Yesterday was Park(ing) Day, a global celebration of public space in cities and a call to action to counter the ever-growing dominance of cars over people in our cities. It's an event that fascinated me since I saw early videos of it on YouTube. A small number of us came down, we had fun (I hope), things happened, and I like to think we went home fairly happy with the afternoon.
Last month, I organised a workshop on Community Engagement in Planning and Politics. A small number of people came down, we had an interesting discussion, and I like to think we went home fairly happy with that, and with ideas and maybe some enthusiasm for taking things further.
OK. So that's good. Friends and collaborators have come down and helped me out with my crackpot ideas. What would I be complaining about?
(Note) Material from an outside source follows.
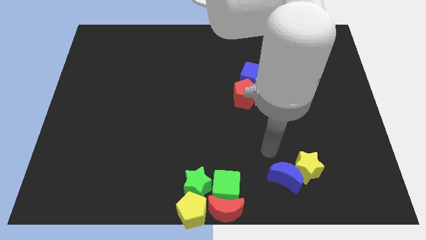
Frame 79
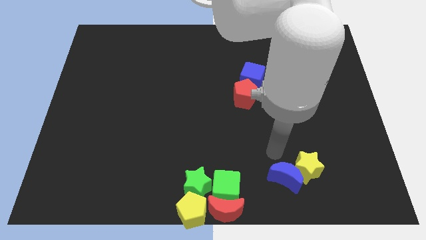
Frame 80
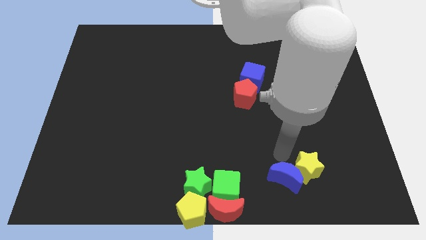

Neither of these were my ideas, and in neither of these cases did the people who were most enthused about them even bother to turn up.
Park(ing) Day Leeds 2012. What's missing? You?
Why does that matter? It matters because it shows that I demonstrate something fundamentally flawed - an inability to maintain other peoples' excitement about their own ideas, or it you like, a kind of anti-enthusiasm vortex.
The reason why this is important is that there has been, for a long time, an increasing need to change structures and systems in human society. In some ways, what fascinates me about Park(ing) Day is that it is a microcosm of the city itself. Cities only get built in the first place because of a kind of collective, individual decisionmaking. More than one person decides that something is a good idea (such as trading in a particular place), and makes it happen. You became part of this process when you moved to, or even were born in this city. The city continues to exist because people want to do things here: work, play, relax, make or spend money.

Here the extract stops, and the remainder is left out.